For whole-kidney lysates, 13±0.1 mg of perfused C57BL/6, TrkC-KO, or TrkC-OE mouse kidney was homogenized in 500 µl of ice-cold IP buffer (20 mM Tris-HCl pH 7.4, 20 mM NaCl, 1 mM EDTA, 50 mM NaF, 10 mM Na₄P₂O₇, 1% Triton-X-100) containing protease and phosphatase inhibitors, then mechanically lysed by passing first through a 20-gauge syringe needle (five times) and then through a 27-gauge syringe needle (five times), and rested on ice for 30 minutes. Lysates were then centrifuged at 14,000 × g for 20 minutes at 4°C, and supernatants were used for immunoprecipitation or western blot analysis.

For immunoprecipitation, TrkC antibody was bound to Protein G Sepharose 4 Fast Flow beads (GE Healthcare Life Sciences) for 1 hour at 4°C while rotating before immunoprecipitation using 1 µl of antibody per 20 µl of beads. Beads were then washed with IP buffer and whole-kidney lysates were loaded on the beads; an input of 5% of the loaded lysates was kept. Immunoprecipitation was achieved overnight with rotating at 4°C; thereafter, the beads were washed three times with dilution buffer (10 mM Tris-HCl pH 7.5, 300 mM NaCl, 0.5 mM EDTA) and were then taken up in Laemmli buffer. Input and beads were boiled for 5 minutes at 95°C and then used for western blot.

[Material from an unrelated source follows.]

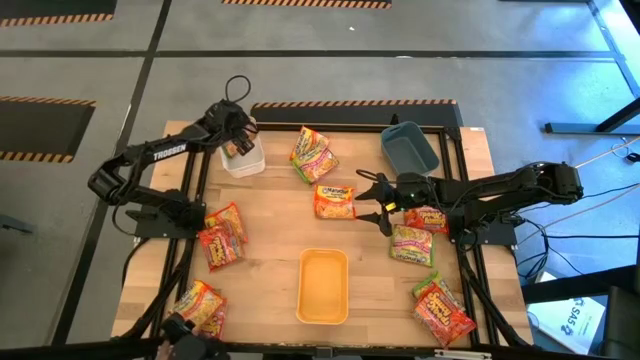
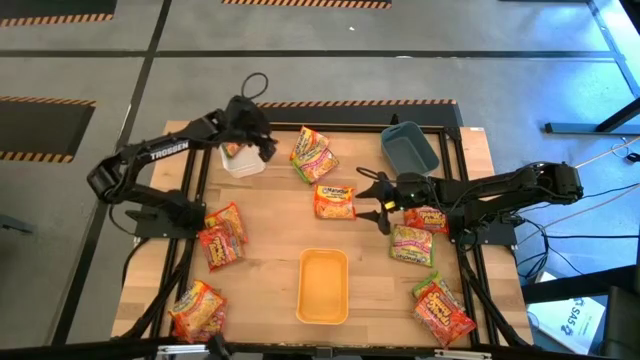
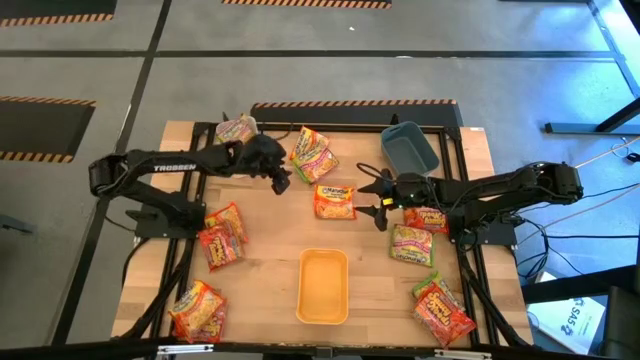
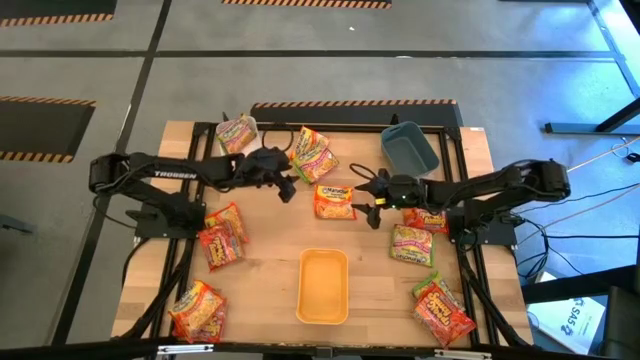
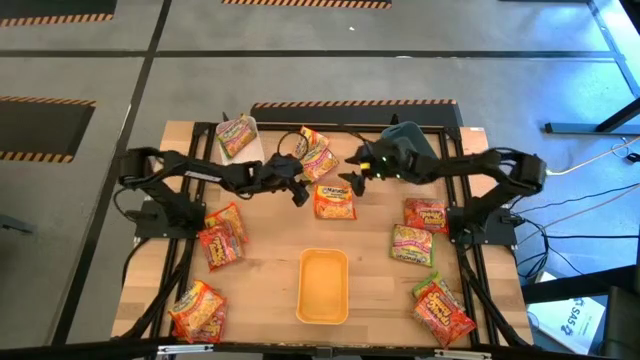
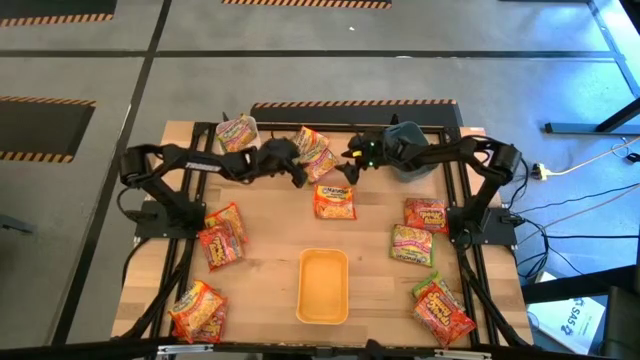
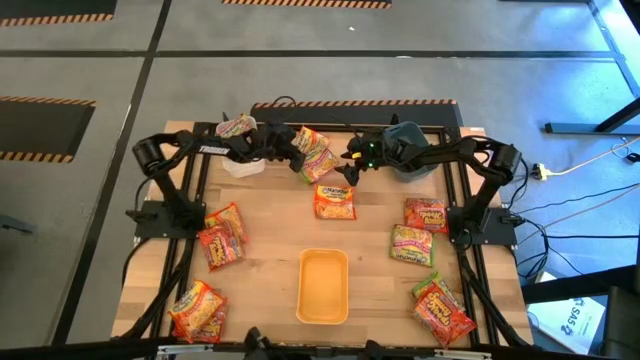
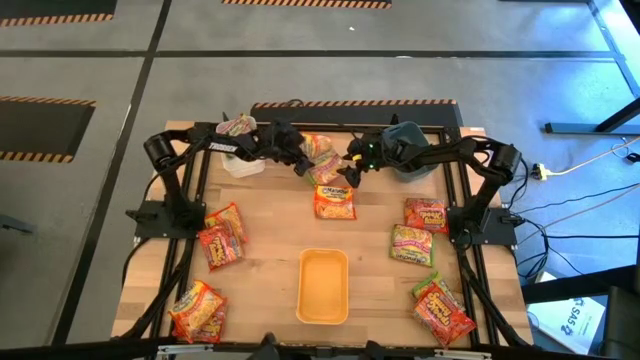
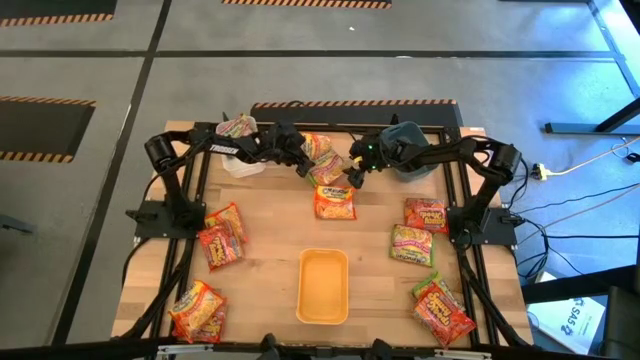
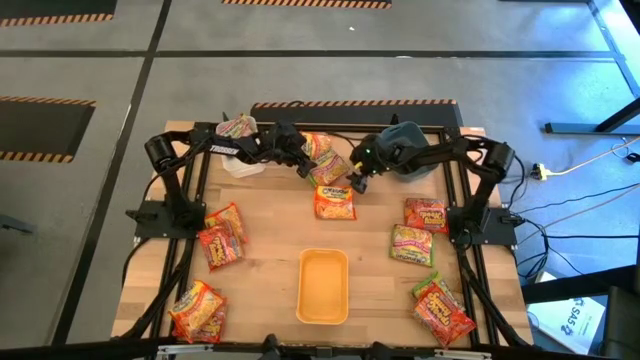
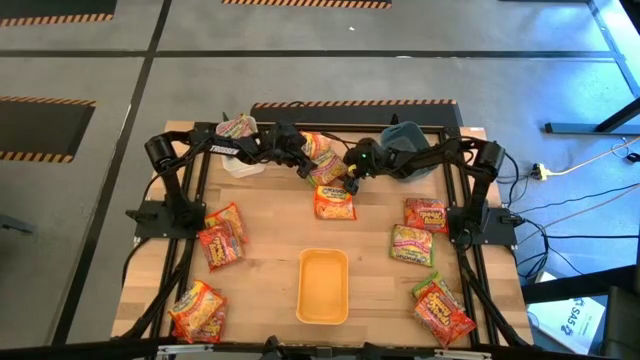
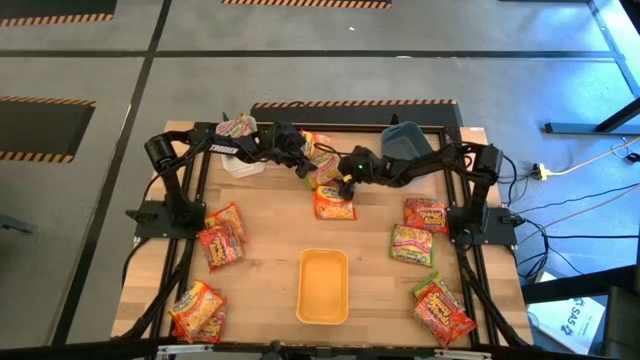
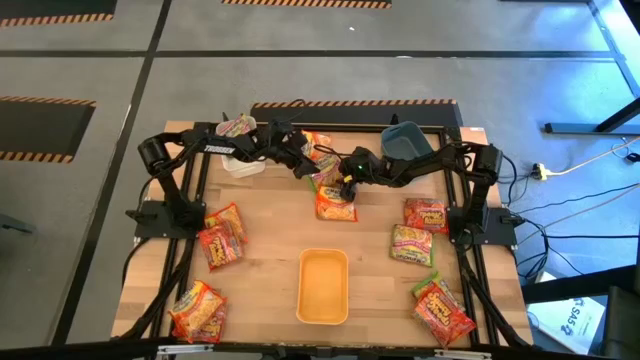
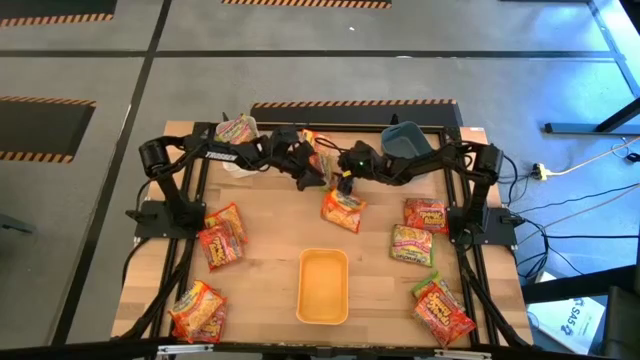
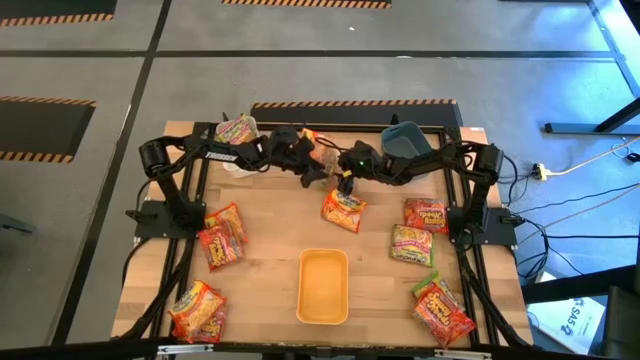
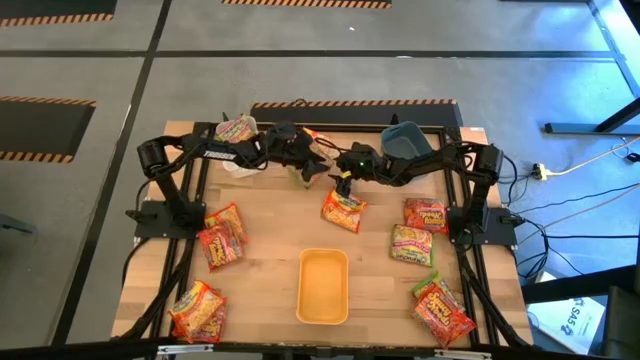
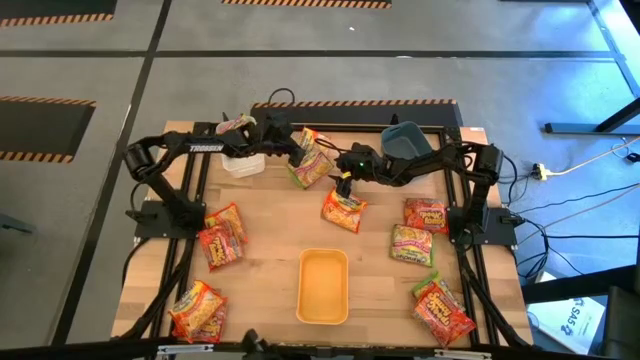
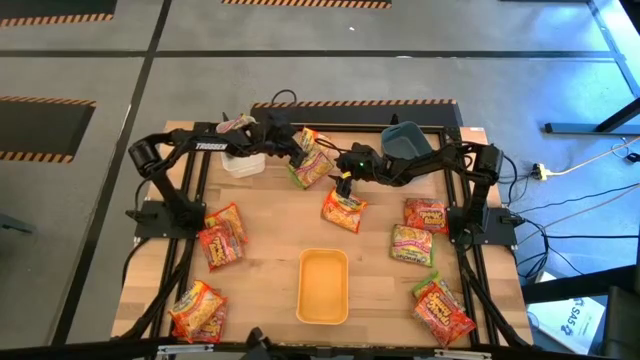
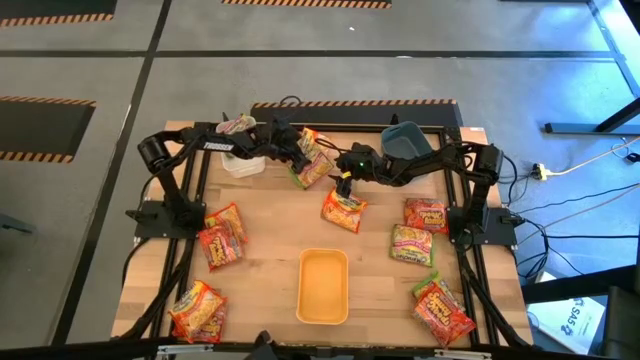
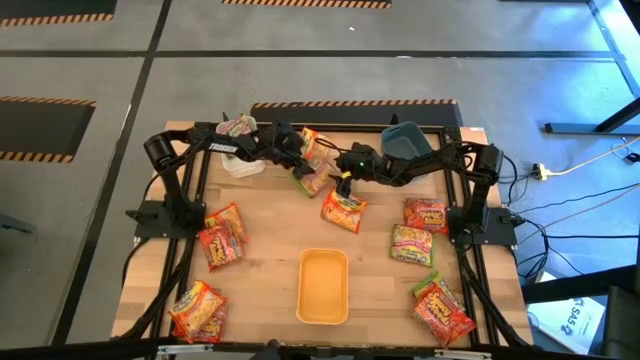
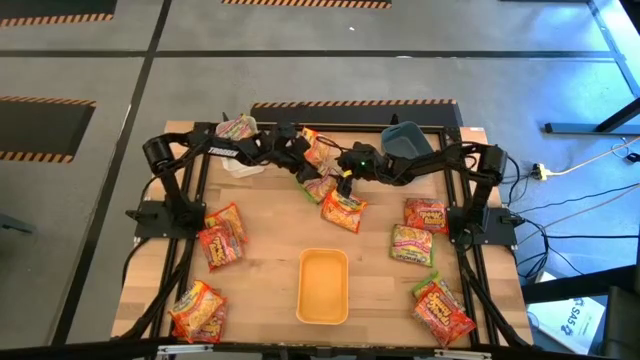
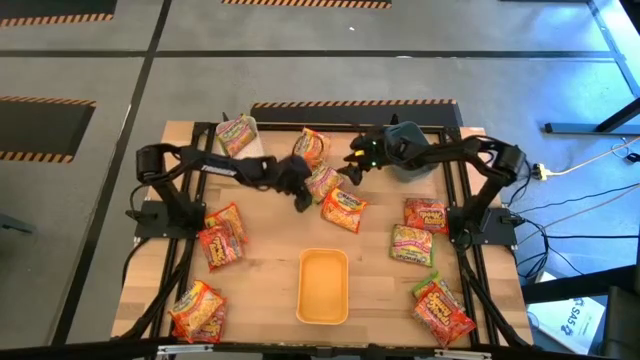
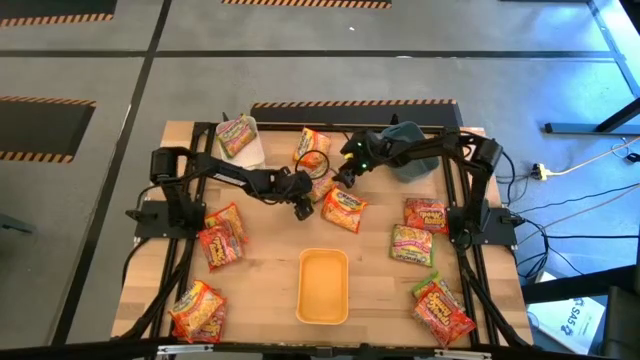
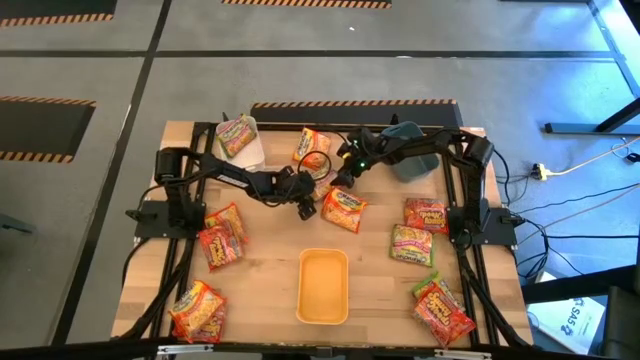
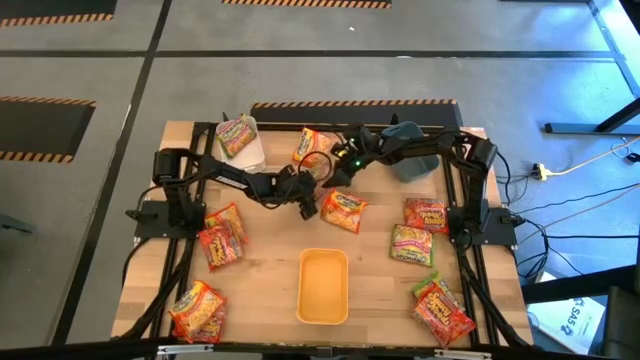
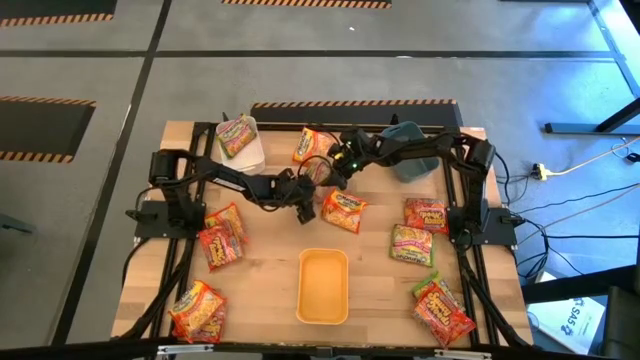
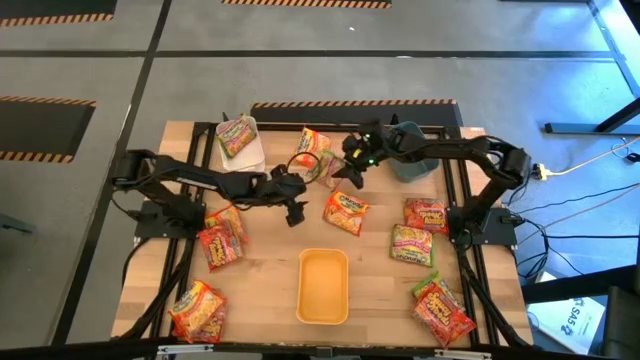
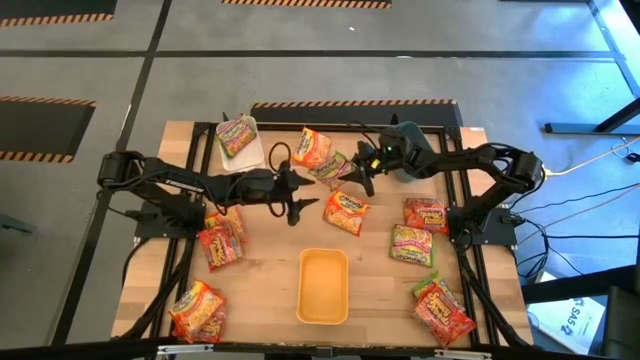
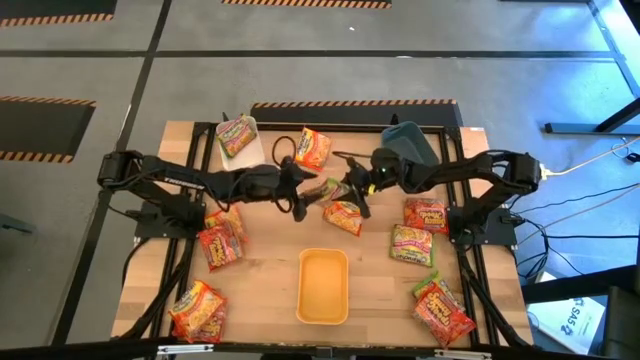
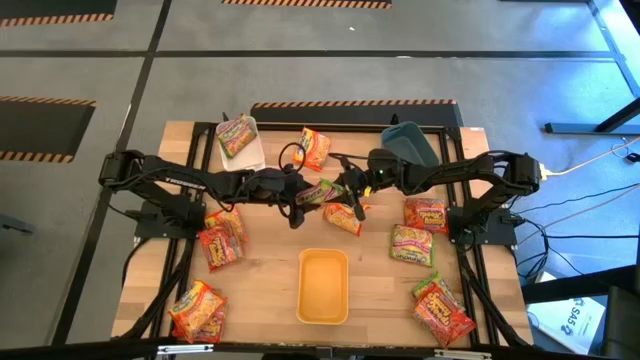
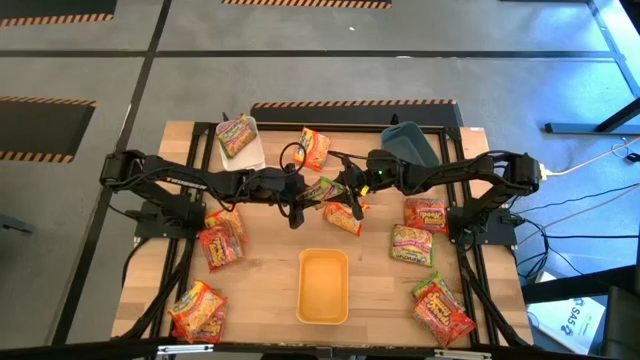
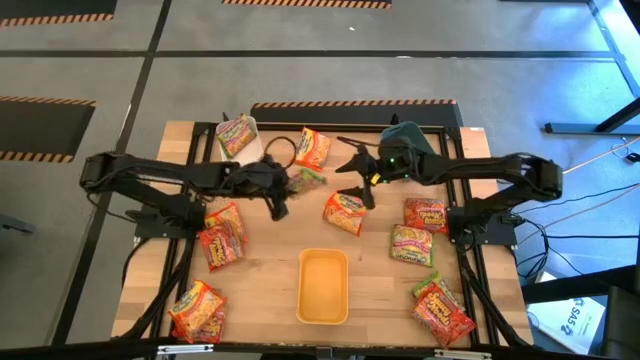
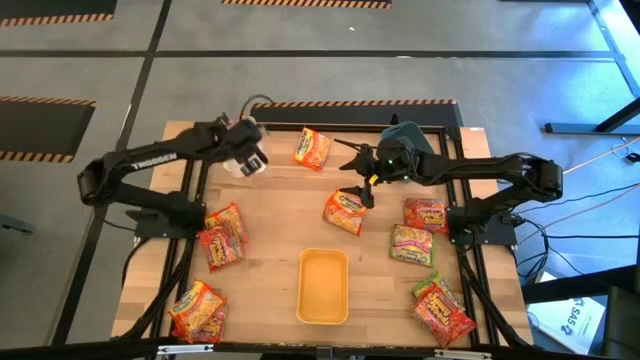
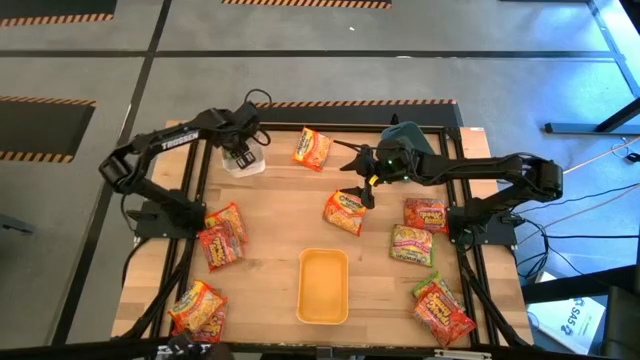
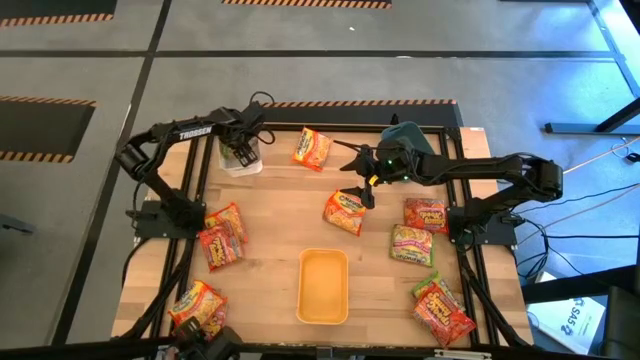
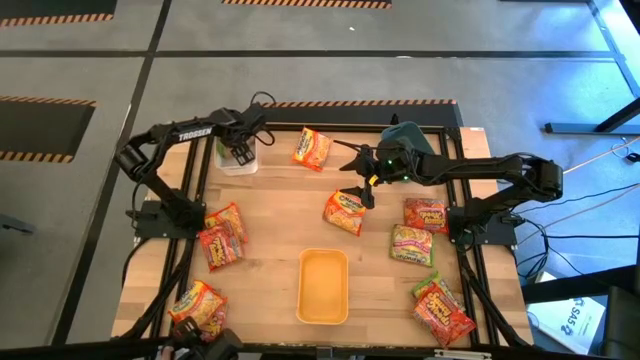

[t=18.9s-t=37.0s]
Task: Sort Maruchan noodles
Put the top left green noodle pack into the white bin

Microarray Analysis of Human Kidney Biopsy Samples

Human renal biopsy specimens and Affymetrix microarray expression data were obtained within the framework of the European Renal cDNA Bank–Kröner-Fresenius Biopsy Bank after informed consent and with approval of the local ethics committees.⁴⁶ After renal biopsy, the tissue was transferred to RNase inhibitor and microdissected into glomeruli and tubulointerstitium and further processed as described before.⁴⁷ Fragmentation, hybridization, staining, and imaging were performed according to the Affymetrix Expression Analysis Technical Manual (Affymetrix). Published datasets of glomerular samples were used in this study (GSE99340, LD data from: GSE32591, GSE37463). Analysis included datasets from patients with DN (n=14), minimal change disease (MCD) (n=14), FSGS (n=23), and membranous nephropathy (n=21). Pretransplantation kidney biopsy samples from living donors (n=42) were used as control renal tissue. CEL file normalization was performed with the Robust Multichip Average method using RMAExpress (Version 1.0.5) and the human Entrez‐Gene custom CDF annotation from Brain Array version 18 (http://brainarray.mbni.med.umich.edu/Brainarray/default.asp). To identify differentially expressed genes, the Significance Analysis of Microarrays (SAM) method was applied using the SAM function in Multiple Experiment Viewer (TiGR MeV, version 4.9).⁴⁸ A Q value below 5% was considered to be statistically significant.

Statistical Analyses

Statistics and graphs were created using GraphPad PRISM software v5. All data are shown as mean with SEM. At least three independent experiments were performed and analyzed using a t test (two-tailed, unpaired) or two-way ANOVA with Bonferroni post hoc analysis, as specified.